O golpe de Estado de 2016 no Brasil
“ A prática do golpe de
estado legal parece ser a nova estratégia das oligarquias latino-americanas”
Por Michaell Lowy
Vamos
dar nome aos bois. O que aconteceu no Brasil, com a destituição da presidente
eleita Dilma Rousseff, foi um golpe de Estado. Golpe de Estado
pseudolegal,“constitucional”, “institucional”, parlamentar ou o que se
preferir. Mas golpe de Estado. Parlamentares – deputados e senadores –
profundamente envolvidos em casos de corrupção (fala-se em 60%) instituíram um
processo de destituição contra a presidente pretextando irregularidades
contábeis, “pedaladas fiscais”, para cobrir déficits nas contas públicas – uma
prática corriqueira em todos os governos anteriores! Não há dúvida de que
vários quadros do PT estão envolvidos no escândalo de corrupção da Petrobras,
mas Dilma não… Na verdade, os deputados de direita que conduziram a campanha
contra a presidente são uns dos mais comprometidos nesse caso, começando pelo
presidente da Câmara dos Deputados, Eduardo Cunha (recentemente suspenso),
acusado de corrupção, lavagem de dinheiro, evasão fiscal etc.
A
prática do golpe de Estado legal parece ser a nova estratégia das oligarquias
latino-americanas. Testada em Honduras e no Paraguai (países que a imprensa costuma
chamar de “República das Bananas”), ela se mostrou eficaz e lucrativa para
eliminar presidentes (muito moderadamente) de esquerda. Agora foi aplicada num
país que tem o tamanho de um continente…
Podemos
fazer muitas críticas a Dilma: ela não cumpriu as promessas de campanha e faz
enormes concessões a banqueiros, industriais, latifundiários. Há um ano a
esquerda política e social cobra uma mudança de política econômica e social.

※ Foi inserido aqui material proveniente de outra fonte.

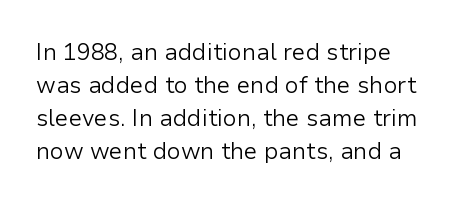
Q: Is the text bold? A: No.
Q: Is the text italic (slanted)? A: No, it is upright.
Q: Is the text underlined? A: No.
Q: How is the paragraph aligned? A: Left-aligned.
Q: Is the spacing between letters normal or unusually wide? A: Normal.
Q: Is the spacing between lines tight, normal or loose? A: Normal.
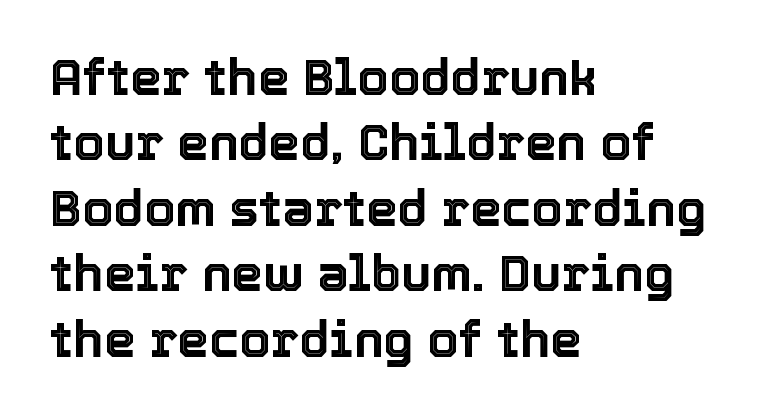
Q: Is the text italic (slanted)? A: No, it is upright.
Q: Is the text underlined? A: No.
Q: How is the paragraph aligned? A: Left-aligned.
Q: Is the spacing between letters normal or unusually wide? A: Normal.
Q: Is the spacing between lines tight, normal or loose? A: Normal.
Q: Width (condensed, normal, or wide)? A: Normal.
Q: x-height? A: Medium.
Q: Monospaced? A: No.
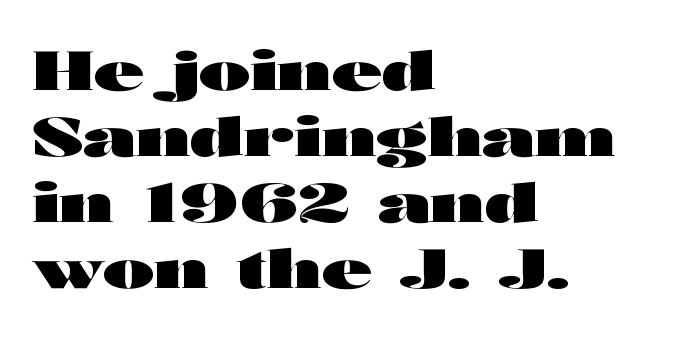
{"italic": "no", "bold": "yes", "weight": "heavy", "width": "wide", "stroke_contrast": "high", "x_height": "medium", "monospaced": "no", "underline": "no", "align": "left", "line_spacing_ratio": 1.2, "letter_spacing": "normal", "letter_spacing_em": 0.0, "glyph_px": 55}

Mas a oligarquia de direito divino do Brasil – a elite capitalista financeira,
industrial e agrícola – não se contenta mais com concessões: ela quer o poder
todo. Não quer mais negociar, mas sim governar diretamente, com seus homens de
confiança, e anular as poucas conquistas sociais dos últimos anos.
Citando
Hegel, Marx escreveu no 18 de Brumário de Luís Bonaparte que os acontecimentos
históricos se repetem duas vezes: a primeira como tragédia, a segunda como
farsa. Isso se aplica perfeitamente ao Brasil. O golpe de Estado militar de
abril de 1964 foi uma tragédia que mergulhou o Brasil em vinte anos de ditadura
militar, com centenas de mortos e milhares de torturados. O golpe de Estado
parlamentar de maio de 2016 é uma farsa, um caso tragicômico, em que se vê uma
cambada de parlamentares reacionários e notoriamente corruptos derrubar uma
presidente democraticamente eleita por 54 milhões de brasileiros, em nome de
“irregularidades contábeis”. O principal componente dessa aliança de partidos
de direita é o bloco parlamentar (não partidário) conhecido como “a bancada
BBB”: “Bala” (deputados ligados à Polícia Militar, aos esquadrões da morte e às
milícias privadas), “Boi” (grandes proprietários de terra, criadores de gado) e
“Bíblia” (neopentecostais integristas, homofóbicos e misóginos). Entre os
partidários mais empolgados com a destituição de Dilma destaca-se o deputado
Jair Bolsonaro, que dedicou seu voto aos oficiais da ditadura militar e
nomeadamente ao coronel Ustra, um torturador notório. Uma das vítimas de Ustra
foi Dilma Rousseff, que no início dos anos 1970 era militante de um grupo de
resistência armada, e também meu amigo Luiz Eduardo Merlino, jornalista e
revolucionário, morto em 1971 sob tortura, aos 21 anos de idade.
O
novo presidente, Michel Temer, entronizado por seus acólitos, está envolvido em
vários casos suspeitos, mas ainda não é alvo de investigação. Uma pesquisa
recente perguntou aos brasileiros se eles votariam em Temer para presidente da
República: 2% responderam que sim…
Em
1964, grandes manifestações “da família com Deus pela liberdade” prepararam o
terreno para o golpe contra o presidente João Goulart; dessa vez, multidões
“patrióticas” – influenciada pela imprensa submissa – se mobilizaram para
exigir a destituição de Dilma, em alguns casos chegando a pedir o retorno dos
militares… Formadas essencialmente por brancos (os brasileiros são em maioria
negros ou mestiços) de classe média, essas multidões foram convencidas pela
mídia de que, nesse caso, o que está em jogo é “o combate à corrupção”.
O
que a tragédia de 1964 e a farsa de 2016 têm em comum é o ódio à democracia. Os
dois episódios revelam o profundo desprezo que as classes dominantes
brasileiras têm pela democracia e pela vontade popular.
O
golpe de Estado “legal” vai transcorrer sem grandes obstáculos, como em
Honduras e no Paraguai? Isso ainda não é certo… As classes populares, os
movimentos sociais e a juventude rebelde ainda não deram a última palavra.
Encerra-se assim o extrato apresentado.